Erykah slid the bands on her left ring finger. Might as well take them; they would be worth a few quid. She looked around the room. There ought to be more. Two decades of marriage and all it boiled down to was a half-filled handbag? But so much of what they had together was a display, for show. She felt no real emotion about any of it any more. The photos of her and Rab together: she didn’t want them wherever she went next. The stacks of books on the shelves and the bedside table? Well, there were always bookshops.
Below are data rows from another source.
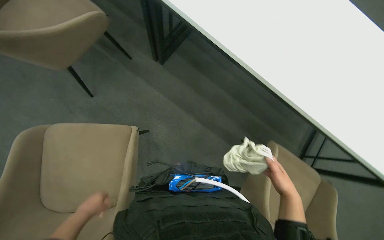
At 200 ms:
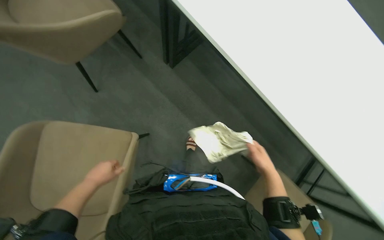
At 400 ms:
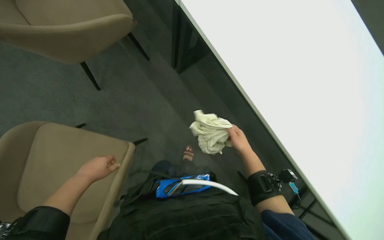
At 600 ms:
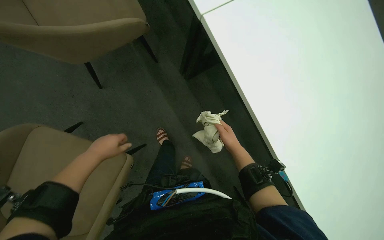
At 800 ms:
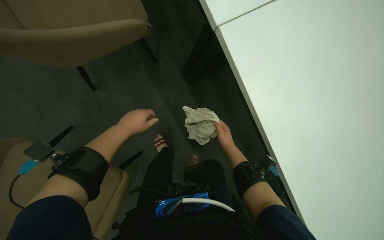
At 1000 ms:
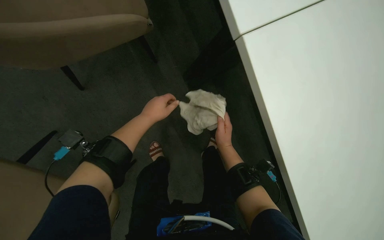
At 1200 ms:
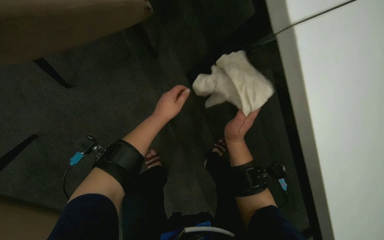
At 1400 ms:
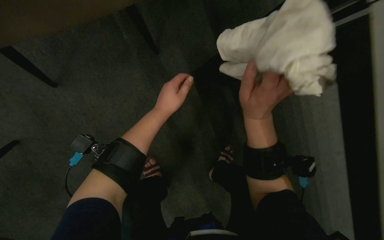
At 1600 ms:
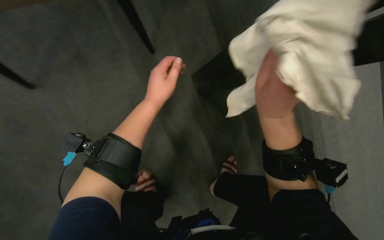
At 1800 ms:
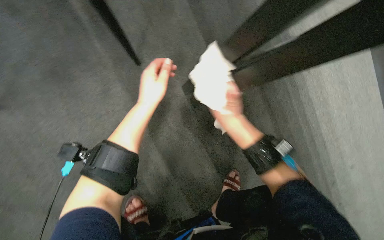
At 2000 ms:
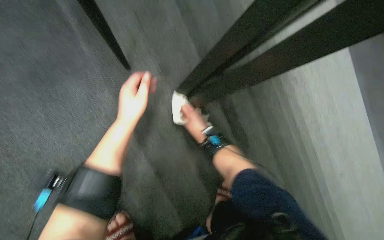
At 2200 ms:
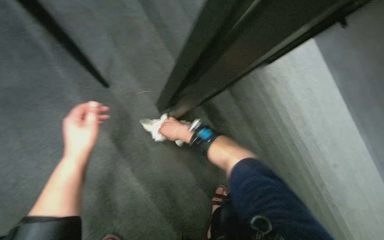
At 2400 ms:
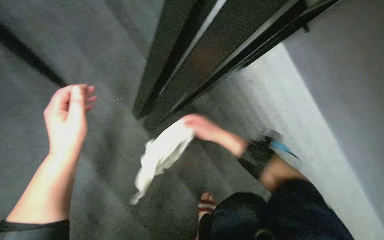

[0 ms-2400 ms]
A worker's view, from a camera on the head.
Job: wiping surfaces.
The whole recording: Wiping conference room tables. The worker wipes conference room tables with a cloth, periodically soaking and wringing cloths in a bucket.
0 ms to 1200 ms: The left hand shifts approximately 40 cm to the right and up the picture; the right hand heads up the picture and to the left, covering about 20 cm.
1200 ms to 2400 ms: The wearer's head swings roughly 25 degrees to the right. The camera pitches upward, by some 20 degrees. The right hand travels farther from the camera by approximately 10 cm, and reaches roughly 10 cm to the left, then returns.

She had fantasised so many times about leaving, and in her fantasies Rab always let her go. But she knew that wasn’t what would really happen. He wouldn’t take her at her word – he would browbeat her into submission. He would demand ‘his say’, ranting about how she was lazy, reliant on him, took him for granted. How no one else would put up with her. How no one else would have done what he did, how no one would want someone with her background, her history. How he was the only reason anyone in Molesey accepted her. He heard the way other people talked behind her back, he would say, things they would never dream of saying to her face. And he was her only defender, he would claim, the one thing standing between her life now and social ruin. She had heard it all so many times before.
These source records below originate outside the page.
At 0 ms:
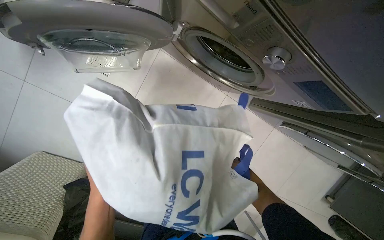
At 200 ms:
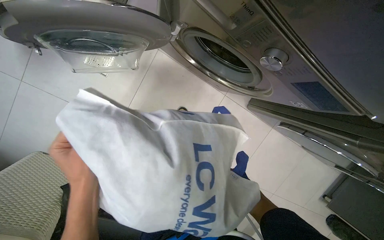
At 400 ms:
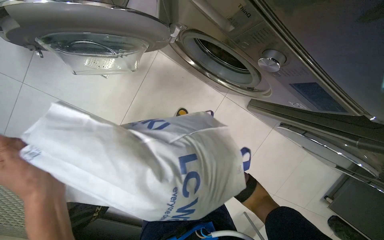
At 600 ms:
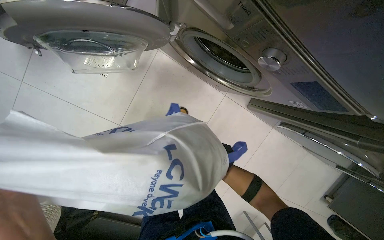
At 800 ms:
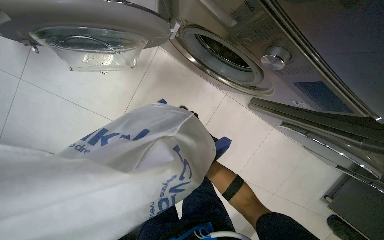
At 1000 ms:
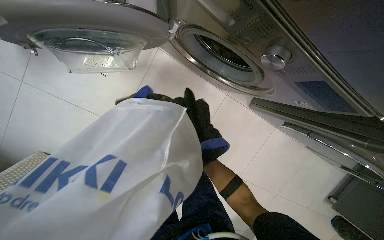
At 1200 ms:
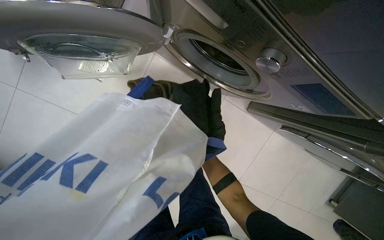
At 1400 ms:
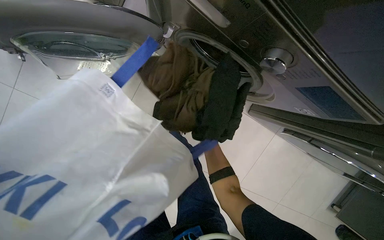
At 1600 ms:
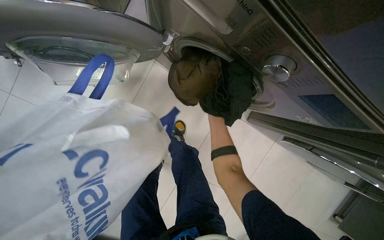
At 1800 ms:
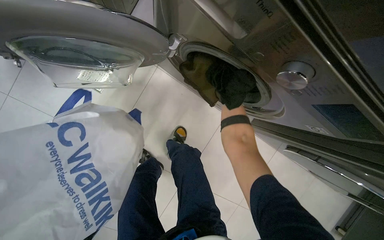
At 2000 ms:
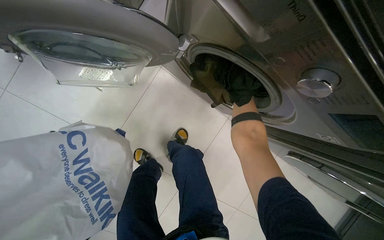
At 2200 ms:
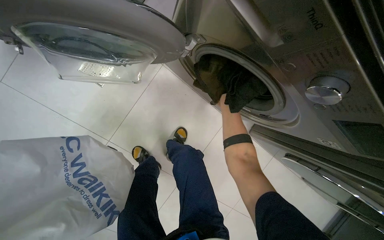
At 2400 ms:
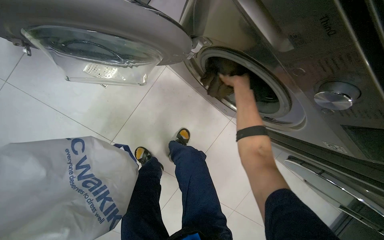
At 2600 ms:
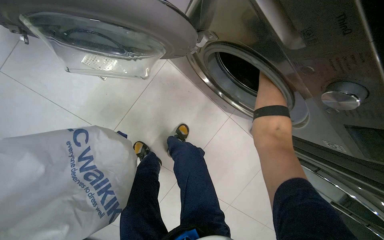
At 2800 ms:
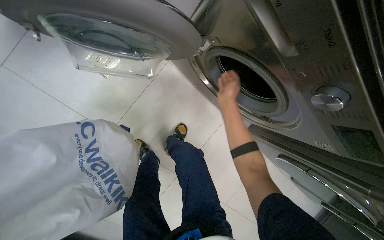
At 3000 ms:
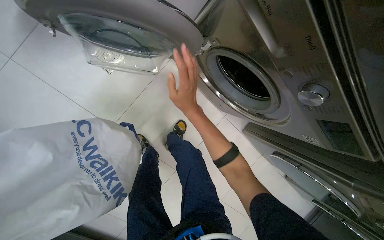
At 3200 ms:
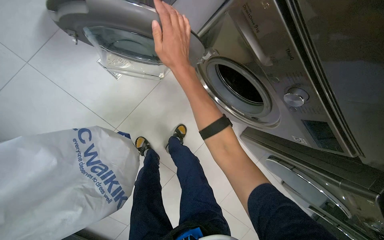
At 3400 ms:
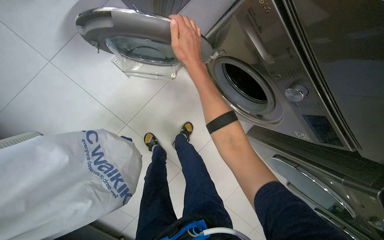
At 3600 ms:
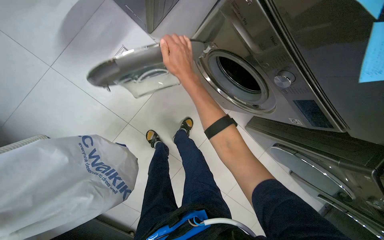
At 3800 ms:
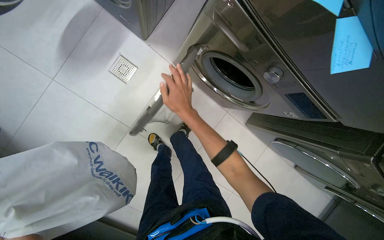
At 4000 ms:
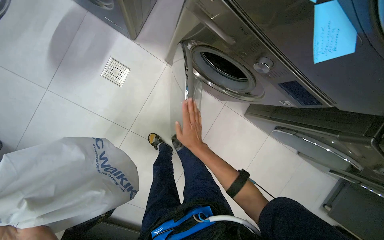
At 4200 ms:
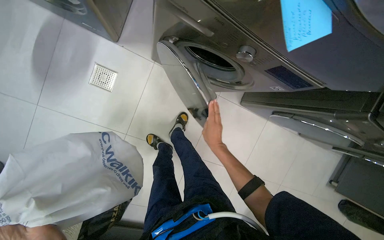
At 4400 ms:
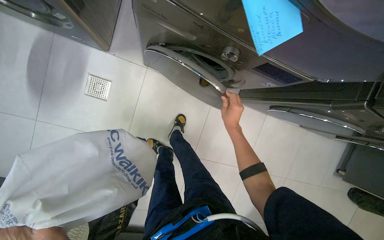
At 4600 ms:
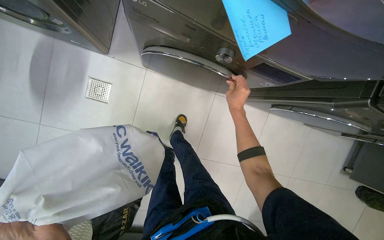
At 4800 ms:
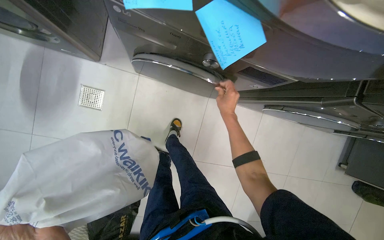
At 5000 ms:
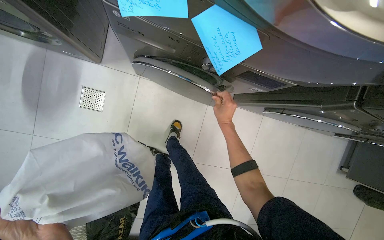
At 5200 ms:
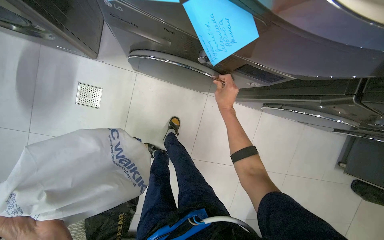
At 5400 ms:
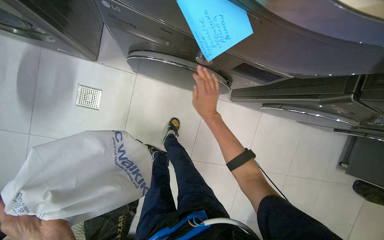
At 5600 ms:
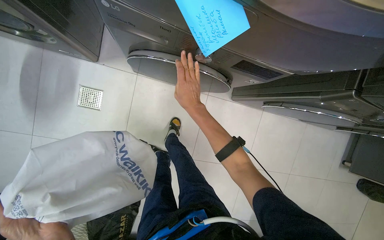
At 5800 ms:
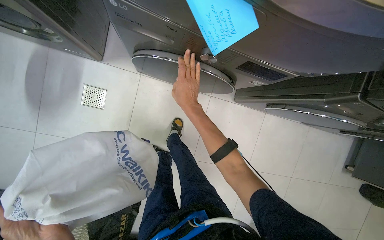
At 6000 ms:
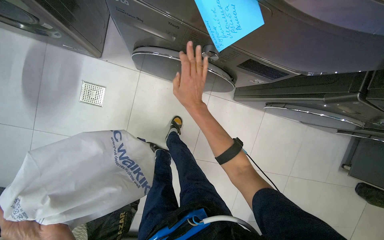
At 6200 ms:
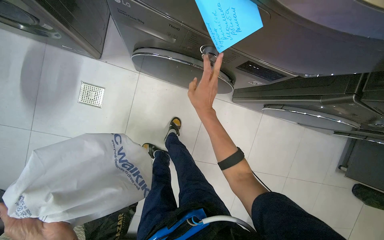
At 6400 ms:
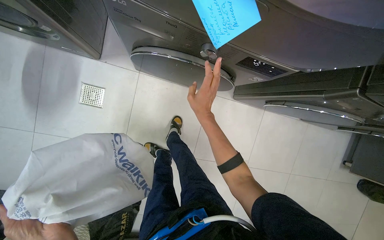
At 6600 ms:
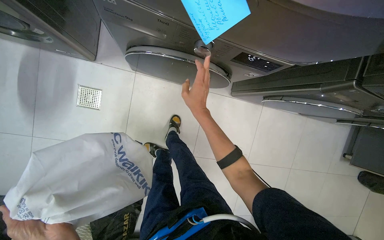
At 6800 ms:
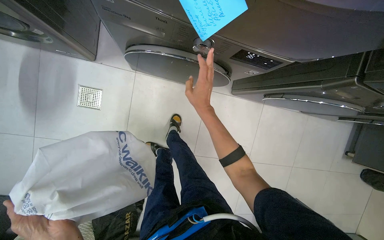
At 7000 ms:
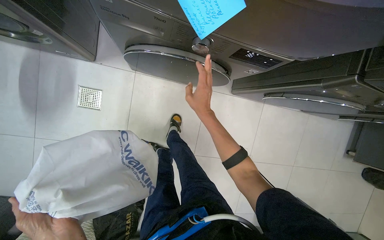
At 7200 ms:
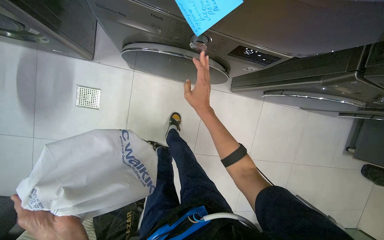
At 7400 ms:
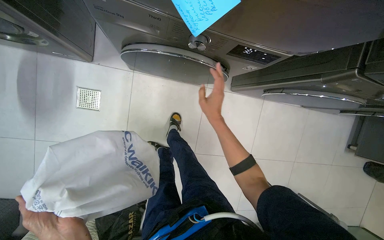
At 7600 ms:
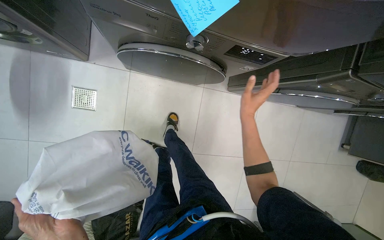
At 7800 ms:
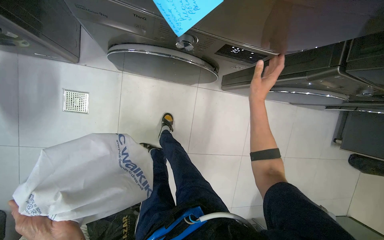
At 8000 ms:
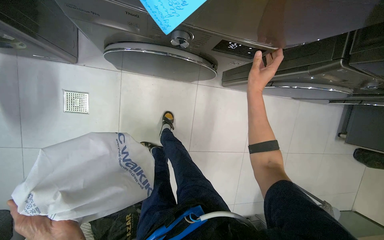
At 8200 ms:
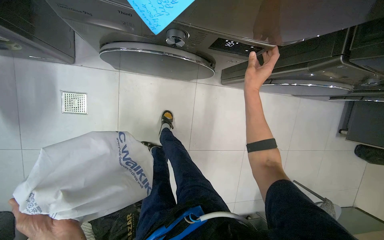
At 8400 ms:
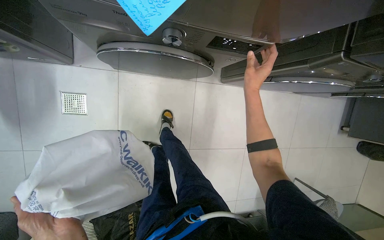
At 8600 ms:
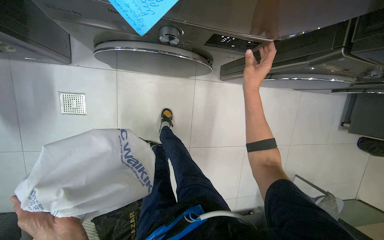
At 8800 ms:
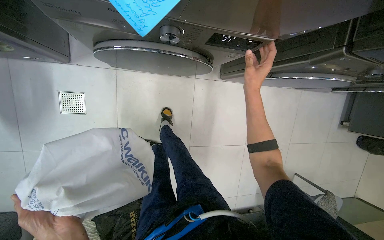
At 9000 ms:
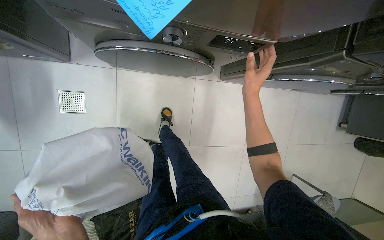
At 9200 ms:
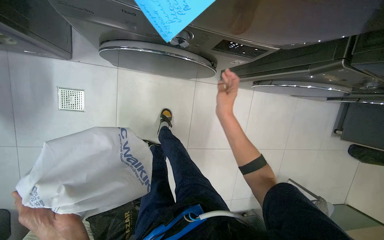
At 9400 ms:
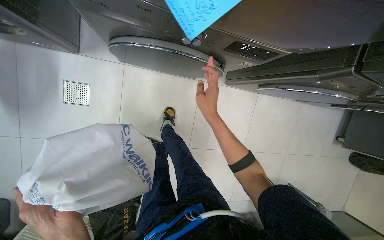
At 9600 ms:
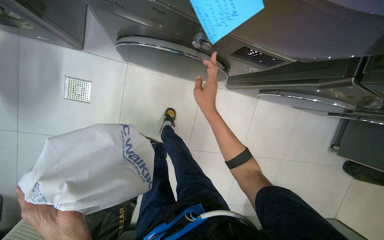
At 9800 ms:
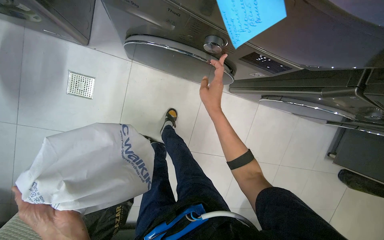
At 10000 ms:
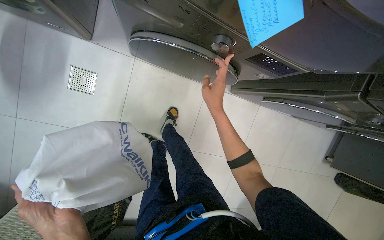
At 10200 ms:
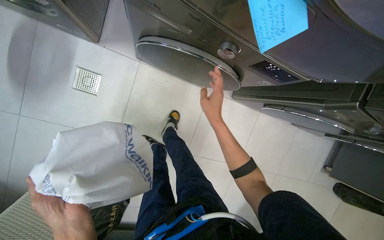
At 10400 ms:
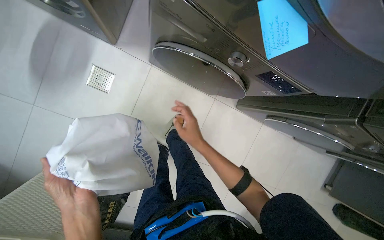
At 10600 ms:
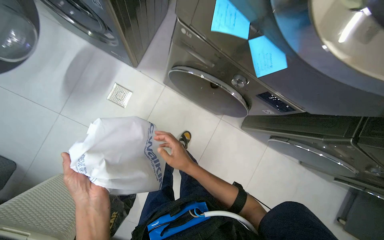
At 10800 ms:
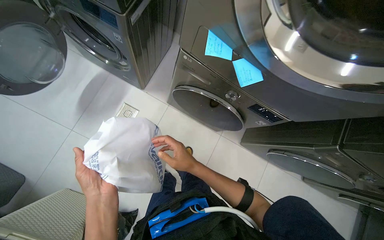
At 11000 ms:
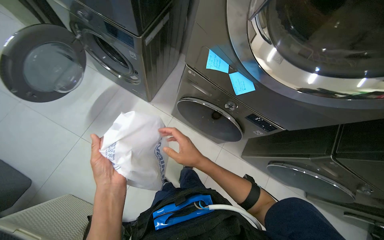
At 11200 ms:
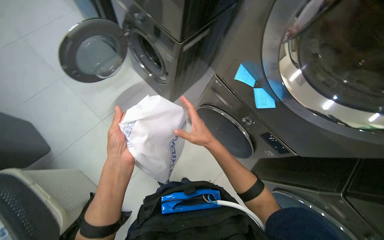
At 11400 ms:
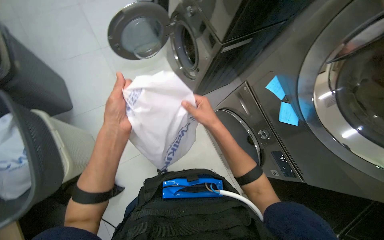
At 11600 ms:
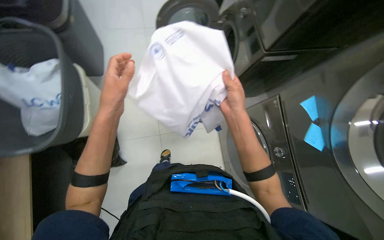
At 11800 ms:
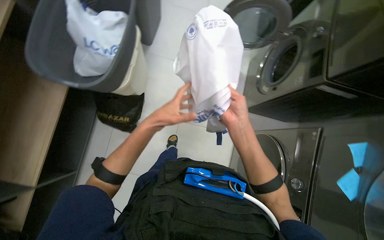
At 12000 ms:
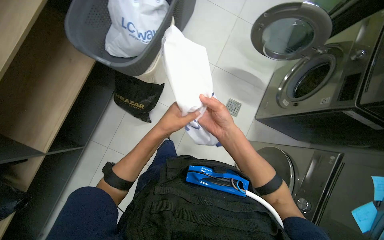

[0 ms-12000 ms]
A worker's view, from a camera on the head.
Job: managing laundry.
The whole recording: Loading and operating washing machines. The worker loads clothes from bags into washing machines and sets their controls.
1600 ms to 3000 ms: The right hand shifts about 20 cm to the left.
3000 ms to 4400 ms: The right hand swings up and down the picture, roughly 25 cm each way, with 2 reversals.
4400 ms to 6000 ms: The right hand is displaced to the left by approximately 10 cm.
6000 ms to 7600 ms: The right hand travels to the right by approximately 20 cm.
9000 ms to 10400 ms: The right hand travels to the left and down the picture by approximately 25 cm.
10400 ms to 12000 ms: The head travels some 50 cm. The head rotates approximately 90 degrees to the left. The wearer looks approximately 30 degrees further upward.

And the threat that came up most often? How, if she left, he would tell everyone the whole truth about her. A part of her believed him when he said these things. He had said the words so many times over the years, so convincingly, that she had started to see herself as the trash he insisted she was. ‘You and your Jeremy Kyle family,’ he said with disgust, and she felt it was the truth. His words had become part of her own head and her own heart. Even with a new life waiting, with a bag packed and Nicole in the river cottage along the towpath, would Erykah be able to forget it all, walk away that easily, and just be fine? She wasn’t sure.
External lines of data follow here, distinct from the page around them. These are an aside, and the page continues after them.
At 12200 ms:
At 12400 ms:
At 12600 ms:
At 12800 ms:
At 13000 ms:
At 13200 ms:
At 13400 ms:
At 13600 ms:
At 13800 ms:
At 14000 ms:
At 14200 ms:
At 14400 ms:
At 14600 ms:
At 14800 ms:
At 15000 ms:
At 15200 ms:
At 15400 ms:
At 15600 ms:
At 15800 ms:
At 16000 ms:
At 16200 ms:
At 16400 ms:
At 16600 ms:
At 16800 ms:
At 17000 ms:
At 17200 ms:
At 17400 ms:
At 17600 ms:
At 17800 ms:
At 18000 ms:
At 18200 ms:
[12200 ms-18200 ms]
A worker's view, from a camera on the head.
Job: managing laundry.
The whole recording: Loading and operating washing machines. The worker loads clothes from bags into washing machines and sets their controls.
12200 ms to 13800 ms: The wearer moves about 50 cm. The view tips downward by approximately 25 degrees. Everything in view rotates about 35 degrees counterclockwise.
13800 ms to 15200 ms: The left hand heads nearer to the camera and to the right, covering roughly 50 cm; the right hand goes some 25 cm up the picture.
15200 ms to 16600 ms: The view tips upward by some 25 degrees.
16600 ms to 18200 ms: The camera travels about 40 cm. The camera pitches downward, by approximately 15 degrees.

Maybe she shouldn’t wait until he came home. She should go now, so she didn’t have to hear it all again. Leave a note. Send a text. Or just disappear.

Her finger grazed the spines of the books, organised – her own idea – by colour. Covers of black, blue, orange and red grouped together, an undulating continuum of shades. Her hand paused on an older paperback, slim, the cheap card cover yellowed with age. She felt a pang. It was the last birthday present Rainbow ever gave her, one of the few her mother could afford to give.

It was a book of puzzles and brain-teasers, the type of book that mixed up riddles with history, in the style of
Ripley’s Believe It Or Not
. There was a page about the mystery of the Pyramids in Egypt, a page about Stonehenge, how to solve a Rubik’s cube, how to pick a lock. It was a book Erykah would have loved when she was ten. It was an odd gift for a teenager on her way to university.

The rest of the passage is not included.